*REQUIRED ACTION*
All of the data needs to be reproduced with no alterations.

/---

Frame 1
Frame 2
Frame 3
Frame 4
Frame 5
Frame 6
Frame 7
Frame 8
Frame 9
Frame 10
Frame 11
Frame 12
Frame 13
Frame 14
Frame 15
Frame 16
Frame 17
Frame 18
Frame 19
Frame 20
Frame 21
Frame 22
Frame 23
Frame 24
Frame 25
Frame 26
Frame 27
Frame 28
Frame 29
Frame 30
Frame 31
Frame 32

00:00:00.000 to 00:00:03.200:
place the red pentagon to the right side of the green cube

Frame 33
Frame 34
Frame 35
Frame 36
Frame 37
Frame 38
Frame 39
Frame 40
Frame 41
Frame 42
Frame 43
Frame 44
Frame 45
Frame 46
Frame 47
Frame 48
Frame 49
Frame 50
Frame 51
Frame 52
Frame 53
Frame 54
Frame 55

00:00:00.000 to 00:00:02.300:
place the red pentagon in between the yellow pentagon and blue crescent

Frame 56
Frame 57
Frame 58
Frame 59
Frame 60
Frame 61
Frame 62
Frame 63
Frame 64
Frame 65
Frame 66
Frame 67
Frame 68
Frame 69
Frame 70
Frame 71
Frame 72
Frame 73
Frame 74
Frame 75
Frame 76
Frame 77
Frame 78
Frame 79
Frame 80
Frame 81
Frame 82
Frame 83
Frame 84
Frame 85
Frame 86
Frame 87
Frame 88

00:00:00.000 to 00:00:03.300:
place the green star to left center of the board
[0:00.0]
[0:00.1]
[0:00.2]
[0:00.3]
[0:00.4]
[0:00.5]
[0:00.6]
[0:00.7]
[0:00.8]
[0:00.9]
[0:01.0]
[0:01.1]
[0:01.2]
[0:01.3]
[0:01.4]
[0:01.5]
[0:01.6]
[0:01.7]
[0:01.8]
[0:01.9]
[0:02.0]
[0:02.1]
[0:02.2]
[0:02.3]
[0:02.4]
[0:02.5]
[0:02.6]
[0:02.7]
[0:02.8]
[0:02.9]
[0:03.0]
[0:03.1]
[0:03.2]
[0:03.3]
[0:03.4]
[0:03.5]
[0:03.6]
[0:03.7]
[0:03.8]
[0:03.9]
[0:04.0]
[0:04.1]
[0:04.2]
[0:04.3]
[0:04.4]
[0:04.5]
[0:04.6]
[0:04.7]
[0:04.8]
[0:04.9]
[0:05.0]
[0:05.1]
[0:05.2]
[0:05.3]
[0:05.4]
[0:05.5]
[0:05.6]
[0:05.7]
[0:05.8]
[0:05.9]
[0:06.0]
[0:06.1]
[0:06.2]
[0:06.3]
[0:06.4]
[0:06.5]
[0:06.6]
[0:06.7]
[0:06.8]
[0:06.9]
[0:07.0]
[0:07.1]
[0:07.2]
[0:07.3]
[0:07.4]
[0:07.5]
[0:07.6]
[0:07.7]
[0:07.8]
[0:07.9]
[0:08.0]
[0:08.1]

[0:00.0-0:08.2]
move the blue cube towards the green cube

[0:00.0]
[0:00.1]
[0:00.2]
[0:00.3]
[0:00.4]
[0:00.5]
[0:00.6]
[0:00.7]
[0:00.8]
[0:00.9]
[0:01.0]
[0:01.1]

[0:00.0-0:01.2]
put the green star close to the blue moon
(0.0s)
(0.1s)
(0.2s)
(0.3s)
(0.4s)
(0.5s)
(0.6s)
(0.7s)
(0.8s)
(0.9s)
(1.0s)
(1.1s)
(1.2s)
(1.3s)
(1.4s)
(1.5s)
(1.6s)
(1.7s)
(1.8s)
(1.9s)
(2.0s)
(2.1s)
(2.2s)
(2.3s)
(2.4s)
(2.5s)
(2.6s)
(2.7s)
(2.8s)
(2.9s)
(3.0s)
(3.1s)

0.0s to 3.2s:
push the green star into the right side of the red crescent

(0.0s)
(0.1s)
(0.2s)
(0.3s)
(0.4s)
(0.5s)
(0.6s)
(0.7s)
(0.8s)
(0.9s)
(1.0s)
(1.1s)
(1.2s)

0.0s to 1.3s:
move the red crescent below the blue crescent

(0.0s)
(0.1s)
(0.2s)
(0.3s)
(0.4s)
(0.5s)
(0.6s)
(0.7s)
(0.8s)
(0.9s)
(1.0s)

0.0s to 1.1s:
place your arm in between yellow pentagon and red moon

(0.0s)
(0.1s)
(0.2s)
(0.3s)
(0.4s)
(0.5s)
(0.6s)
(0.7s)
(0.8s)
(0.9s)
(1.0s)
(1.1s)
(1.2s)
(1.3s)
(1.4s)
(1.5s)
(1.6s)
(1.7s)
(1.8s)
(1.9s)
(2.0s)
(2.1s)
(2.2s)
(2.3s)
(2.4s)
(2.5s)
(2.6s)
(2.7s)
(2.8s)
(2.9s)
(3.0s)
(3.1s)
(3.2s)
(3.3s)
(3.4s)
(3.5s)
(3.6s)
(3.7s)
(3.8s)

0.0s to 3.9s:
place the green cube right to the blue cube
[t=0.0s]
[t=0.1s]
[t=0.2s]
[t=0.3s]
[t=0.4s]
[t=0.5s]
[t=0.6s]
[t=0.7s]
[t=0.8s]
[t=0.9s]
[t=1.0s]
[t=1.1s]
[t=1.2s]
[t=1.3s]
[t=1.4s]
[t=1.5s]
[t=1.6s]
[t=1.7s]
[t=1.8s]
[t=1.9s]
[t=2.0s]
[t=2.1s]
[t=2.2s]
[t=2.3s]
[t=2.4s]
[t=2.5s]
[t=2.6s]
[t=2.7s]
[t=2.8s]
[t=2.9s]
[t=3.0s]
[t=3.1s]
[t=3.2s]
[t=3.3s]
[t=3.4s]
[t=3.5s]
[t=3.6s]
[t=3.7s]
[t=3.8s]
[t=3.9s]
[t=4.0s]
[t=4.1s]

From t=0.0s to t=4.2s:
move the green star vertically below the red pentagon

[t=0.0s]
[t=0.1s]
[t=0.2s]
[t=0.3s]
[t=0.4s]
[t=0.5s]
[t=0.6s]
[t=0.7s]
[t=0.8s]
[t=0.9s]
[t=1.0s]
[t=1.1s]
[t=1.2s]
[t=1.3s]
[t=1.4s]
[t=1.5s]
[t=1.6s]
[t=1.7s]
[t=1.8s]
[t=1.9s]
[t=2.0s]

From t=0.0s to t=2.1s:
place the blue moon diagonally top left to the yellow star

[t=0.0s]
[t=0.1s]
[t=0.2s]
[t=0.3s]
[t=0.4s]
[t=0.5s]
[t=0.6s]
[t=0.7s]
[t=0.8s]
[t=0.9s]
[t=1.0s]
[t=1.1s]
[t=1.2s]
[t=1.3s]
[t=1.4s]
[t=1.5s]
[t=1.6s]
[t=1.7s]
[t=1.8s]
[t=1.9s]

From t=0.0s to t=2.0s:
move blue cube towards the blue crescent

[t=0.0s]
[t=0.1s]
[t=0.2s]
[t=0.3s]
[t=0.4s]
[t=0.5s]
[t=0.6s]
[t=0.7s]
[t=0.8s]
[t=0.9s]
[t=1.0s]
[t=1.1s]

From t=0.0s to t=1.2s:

\---

*ANSWER TO THE PROBLEM*
Frame 1
Frame 2
Frame 3
Frame 4
Frame 5
Frame 6
Frame 7
Frame 8
Frame 9
Frame 10
Frame 11
Frame 12
Frame 13
Frame 14
Frame 15
Frame 16
Frame 17
Frame 18
Frame 19
Frame 20
Frame 21
Frame 22
Frame 23
Frame 24
Frame 25
Frame 26
Frame 27
Frame 28
Frame 29
Frame 30
Frame 31
Frame 32

00:00:00.000 to 00:00:03.200:
place the red pentagon to the right side of the green cube

Frame 33
Frame 34
Frame 35
Frame 36
Frame 37
Frame 38
Frame 39
Frame 40
Frame 41
Frame 42
Frame 43
Frame 44
Frame 45
Frame 46
Frame 47
Frame 48
Frame 49
Frame 50
Frame 51
Frame 52
Frame 53
Frame 54
Frame 55

00:00:00.000 to 00:00:02.300:
place the red pentagon in between the yellow pentagon and blue crescent

Frame 56
Frame 57
Frame 58
Frame 59
Frame 60
Frame 61
Frame 62
Frame 63
Frame 64
Frame 65
Frame 66
Frame 67
Frame 68
Frame 69
Frame 70
Frame 71
Frame 72
Frame 73
Frame 74
Frame 75
Frame 76
Frame 77
Frame 78
Frame 79
Frame 80
Frame 81
Frame 82
Frame 83
Frame 84
Frame 85
Frame 86
Frame 87
Frame 88

00:00:00.000 to 00:00:03.300:
place the green star to left center of the board
[0:00.0]
[0:00.1]
[0:00.2]
[0:00.3]
[0:00.4]
[0:00.5]
[0:00.6]
[0:00.7]
[0:00.8]
[0:00.9]
[0:01.0]
[0:01.1]
[0:01.2]
[0:01.3]
[0:01.4]
[0:01.5]
[0:01.6]
[0:01.7]
[0:01.8]
[0:01.9]
[0:02.0]
[0:02.1]
[0:02.2]
[0:02.3]
[0:02.4]
[0:02.5]
[0:02.6]
[0:02.7]
[0:02.8]
[0:02.9]
[0:03.0]
[0:03.1]
[0:03.2]
[0:03.3]
[0:03.4]
[0:03.5]
[0:03.6]
[0:03.7]
[0:03.8]
[0:03.9]
[0:04.0]
[0:04.1]
[0:04.2]
[0:04.3]
[0:04.4]
[0:04.5]
[0:04.6]
[0:04.7]
[0:04.8]
[0:04.9]
[0:05.0]
[0:05.1]
[0:05.2]
[0:05.3]
[0:05.4]
[0:05.5]
[0:05.6]
[0:05.7]
[0:05.8]
[0:05.9]
[0:06.0]
[0:06.1]
[0:06.2]
[0:06.3]
[0:06.4]
[0:06.5]
[0:06.6]
[0:06.7]
[0:06.8]
[0:06.9]
[0:07.0]
[0:07.1]
[0:07.2]
[0:07.3]
[0:07.4]
[0:07.5]
[0:07.6]
[0:07.7]
[0:07.8]
[0:07.9]
[0:08.0]
[0:08.1]

[0:00.0-0:08.2]
move the blue cube towards the green cube

[0:00.0]
[0:00.1]
[0:00.2]
[0:00.3]
[0:00.4]
[0:00.5]
[0:00.6]
[0:00.7]
[0:00.8]
[0:00.9]
[0:01.0]
[0:01.1]

[0:00.0-0:01.2]
put the green star close to the blue moon
(0.0s)
(0.1s)
(0.2s)
(0.3s)
(0.4s)
(0.5s)
(0.6s)
(0.7s)
(0.8s)
(0.9s)
(1.0s)
(1.1s)
(1.2s)
(1.3s)
(1.4s)
(1.5s)
(1.6s)
(1.7s)
(1.8s)
(1.9s)
(2.0s)
(2.1s)
(2.2s)
(2.3s)
(2.4s)
(2.5s)
(2.6s)
(2.7s)
(2.8s)
(2.9s)
(3.0s)
(3.1s)

0.0s to 3.2s:
push the green star into the right side of the red crescent

(0.0s)
(0.1s)
(0.2s)
(0.3s)
(0.4s)
(0.5s)
(0.6s)
(0.7s)
(0.8s)
(0.9s)
(1.0s)
(1.1s)
(1.2s)

0.0s to 1.3s:
move the red crescent below the blue crescent

(0.0s)
(0.1s)
(0.2s)
(0.3s)
(0.4s)
(0.5s)
(0.6s)
(0.7s)
(0.8s)
(0.9s)
(1.0s)

0.0s to 1.1s:
place your arm in between yellow pentagon and red moon

(0.0s)
(0.1s)
(0.2s)
(0.3s)
(0.4s)
(0.5s)
(0.6s)
(0.7s)
(0.8s)
(0.9s)
(1.0s)
(1.1s)
(1.2s)
(1.3s)
(1.4s)
(1.5s)
(1.6s)
(1.7s)
(1.8s)
(1.9s)
(2.0s)
(2.1s)
(2.2s)
(2.3s)
(2.4s)
(2.5s)
(2.6s)
(2.7s)
(2.8s)
(2.9s)
(3.0s)
(3.1s)
(3.2s)
(3.3s)
(3.4s)
(3.5s)
(3.6s)
(3.7s)
(3.8s)

0.0s to 3.9s:
place the green cube right to the blue cube
[t=0.0s]
[t=0.1s]
[t=0.2s]
[t=0.3s]
[t=0.4s]
[t=0.5s]
[t=0.6s]
[t=0.7s]
[t=0.8s]
[t=0.9s]
[t=1.0s]
[t=1.1s]
[t=1.2s]
[t=1.3s]
[t=1.4s]
[t=1.5s]
[t=1.6s]
[t=1.7s]
[t=1.8s]
[t=1.9s]
[t=2.0s]
[t=2.1s]
[t=2.2s]
[t=2.3s]
[t=2.4s]
[t=2.5s]
[t=2.6s]
[t=2.7s]
[t=2.8s]
[t=2.9s]
[t=3.0s]
[t=3.1s]
[t=3.2s]
[t=3.3s]
[t=3.4s]
[t=3.5s]
[t=3.6s]
[t=3.7s]
[t=3.8s]
[t=3.9s]
[t=4.0s]
[t=4.1s]

From t=0.0s to t=4.2s:
move the green star vertically below the red pentagon

[t=0.0s]
[t=0.1s]
[t=0.2s]
[t=0.3s]
[t=0.4s]
[t=0.5s]
[t=0.6s]
[t=0.7s]
[t=0.8s]
[t=0.9s]
[t=1.0s]
[t=1.1s]
[t=1.2s]
[t=1.3s]
[t=1.4s]
[t=1.5s]
[t=1.6s]
[t=1.7s]
[t=1.8s]
[t=1.9s]
[t=2.0s]

From t=0.0s to t=2.1s:
place the blue moon diagonally top left to the yellow star

[t=0.0s]
[t=0.1s]
[t=0.2s]
[t=0.3s]
[t=0.4s]
[t=0.5s]
[t=0.6s]
[t=0.7s]
[t=0.8s]
[t=0.9s]
[t=1.0s]
[t=1.1s]
[t=1.2s]
[t=1.3s]
[t=1.4s]
[t=1.5s]
[t=1.6s]
[t=1.7s]
[t=1.8s]
[t=1.9s]

From t=0.0s to t=2.0s:
move blue cube towards the blue crescent

[t=0.0s]
[t=0.1s]
[t=0.2s]
[t=0.3s]
[t=0.4s]
[t=0.5s]
[t=0.6s]
[t=0.7s]
[t=0.8s]
[t=0.9s]
[t=1.0s]
[t=1.1s]

From t=0.0s to t=1.2s:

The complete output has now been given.